(The records begins)

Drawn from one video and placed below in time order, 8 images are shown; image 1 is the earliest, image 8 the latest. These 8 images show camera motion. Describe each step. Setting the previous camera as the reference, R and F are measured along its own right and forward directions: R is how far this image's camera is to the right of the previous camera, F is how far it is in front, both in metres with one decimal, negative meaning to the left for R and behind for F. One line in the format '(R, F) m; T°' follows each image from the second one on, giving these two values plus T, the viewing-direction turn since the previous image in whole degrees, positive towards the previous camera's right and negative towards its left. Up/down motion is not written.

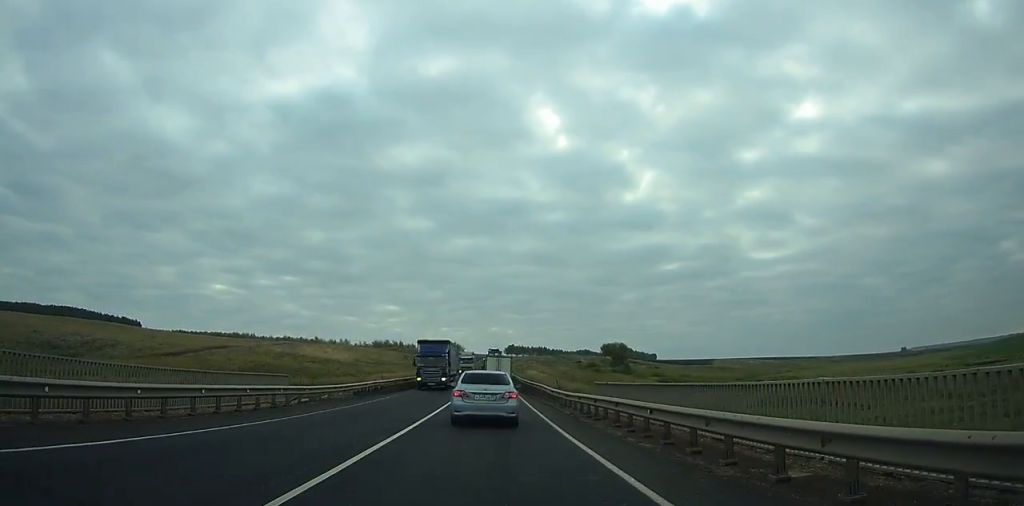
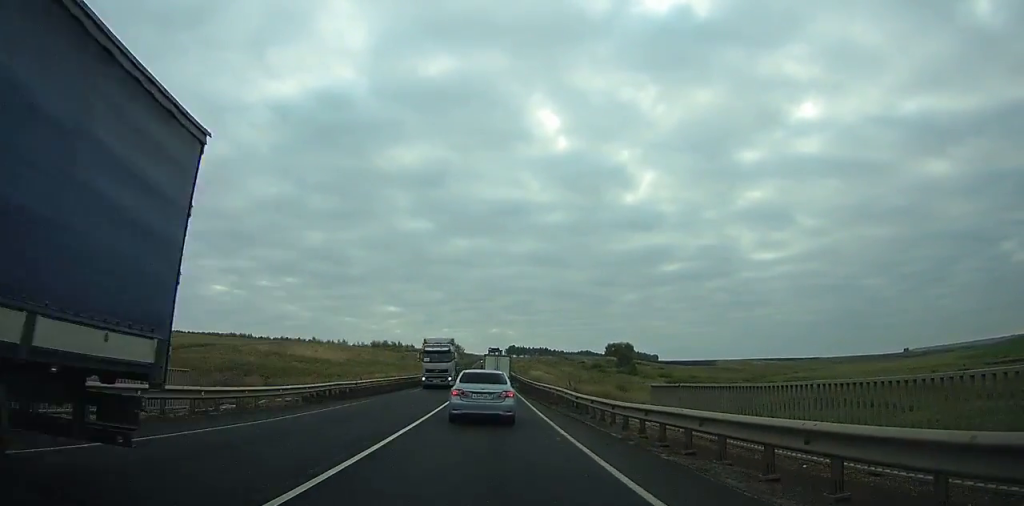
(0.0, +8.5) m; 0°
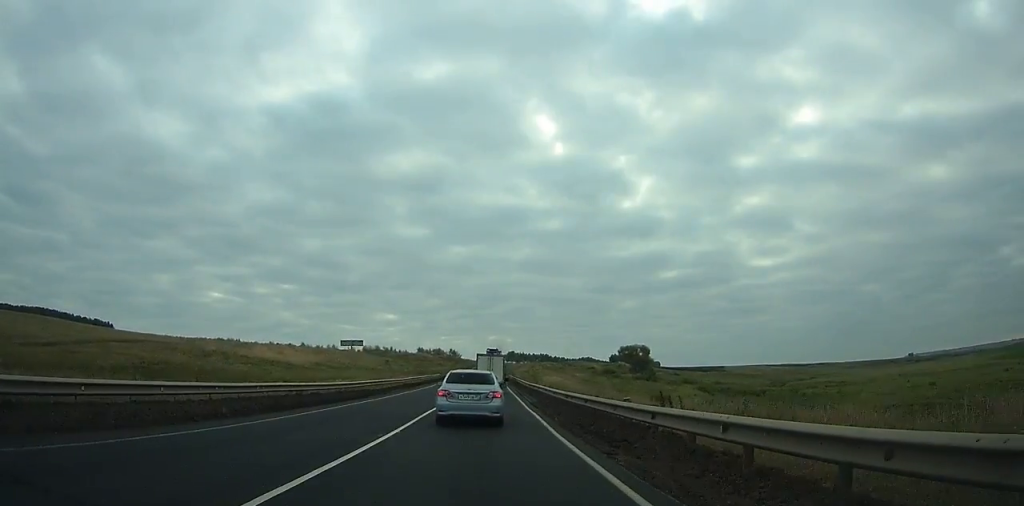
(+0.2, +24.9) m; +1°
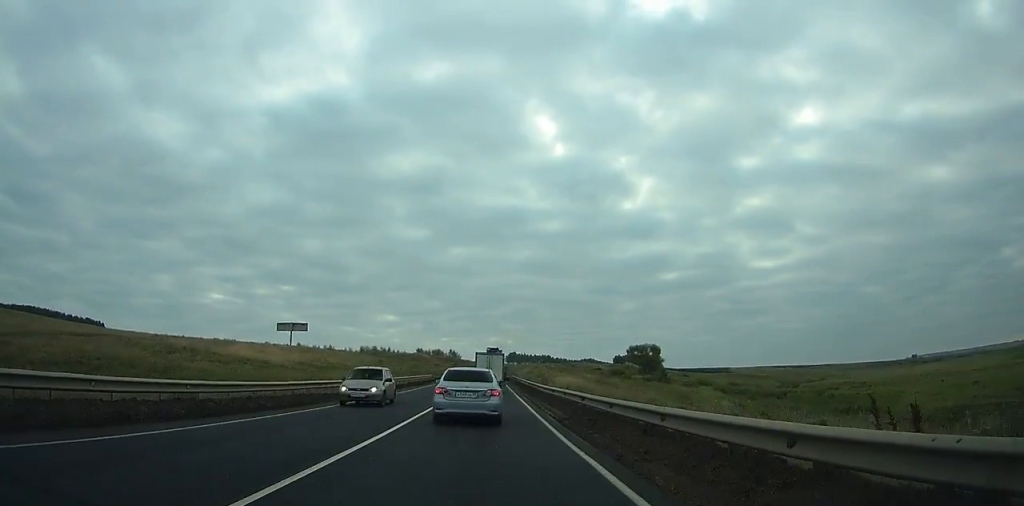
(-0.1, +11.7) m; 0°
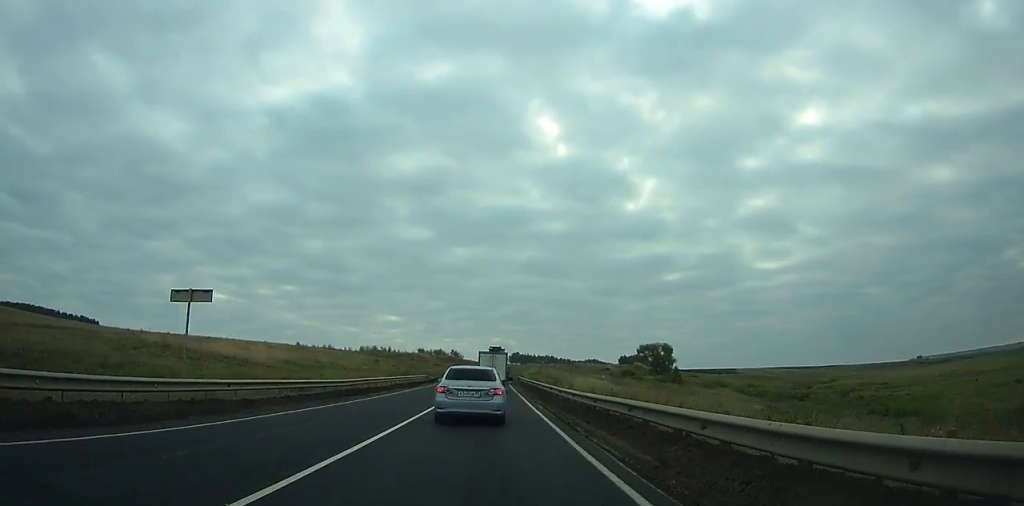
(0.0, +9.6) m; 0°
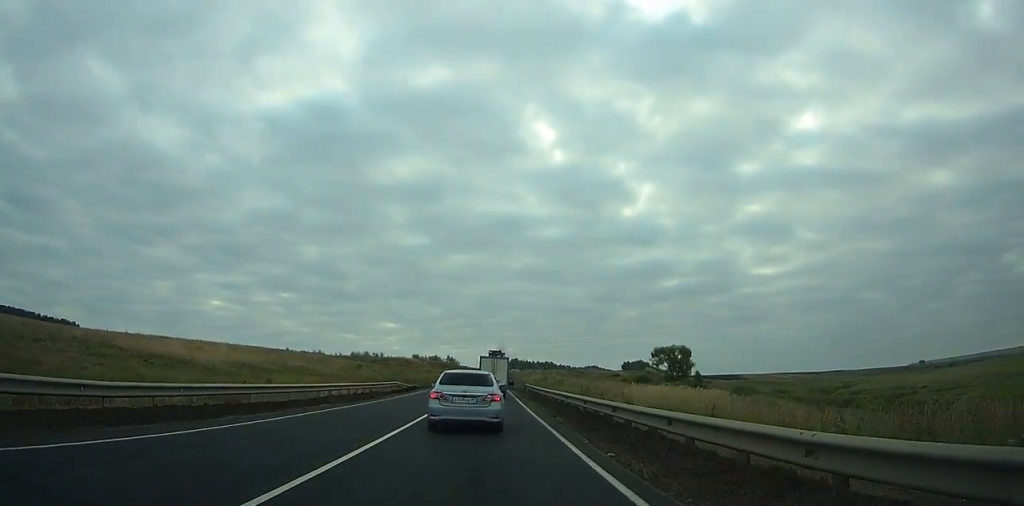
(0.0, +18.3) m; 0°
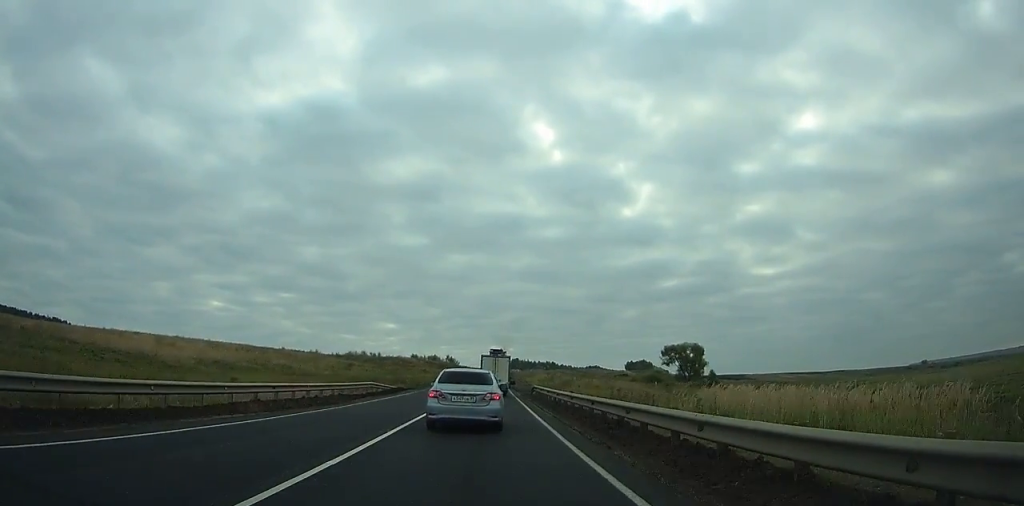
(0.0, +9.1) m; 0°
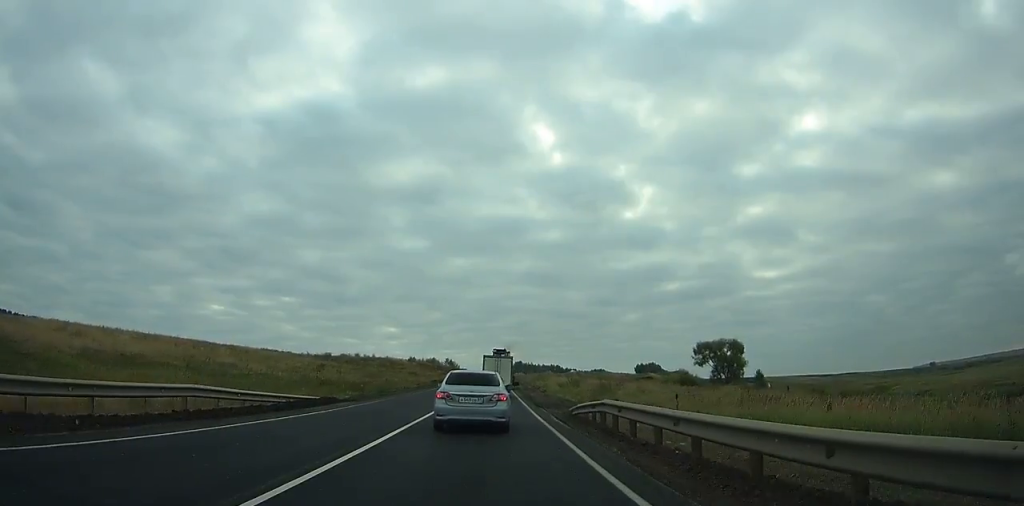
(0.0, +22.9) m; 0°

(The records ends)

Problem statement:
Everything in the listing above must be restated word for word, except the images.

Task answer:
Drawn from one video and placed below in time order, 8 images are shown; image 1 is the earliest, image 8 the latest. These 8 images show camera motion. Describe each step. Setting the previous camera as the reference, R and F are measured along its own right and forward directions: R is how far this image's camera is to the right of the previous camera, F is how far it is in front, both in metres with one decimal, negative meaning to the left for R and behind for F. One line in the format '(R, F) m; T°' follows each image from the second one on, giving these two values plus T, the viewing-direction turn since the previous image in whole degrees, positive towards the previous camera's right and negative towards its left. Up/down motion is not written.

(0.0, +8.5) m; 0°
(+0.2, +24.9) m; +1°
(-0.1, +11.7) m; 0°
(0.0, +9.6) m; 0°
(0.0, +18.3) m; 0°
(0.0, +9.1) m; 0°
(0.0, +22.9) m; 0°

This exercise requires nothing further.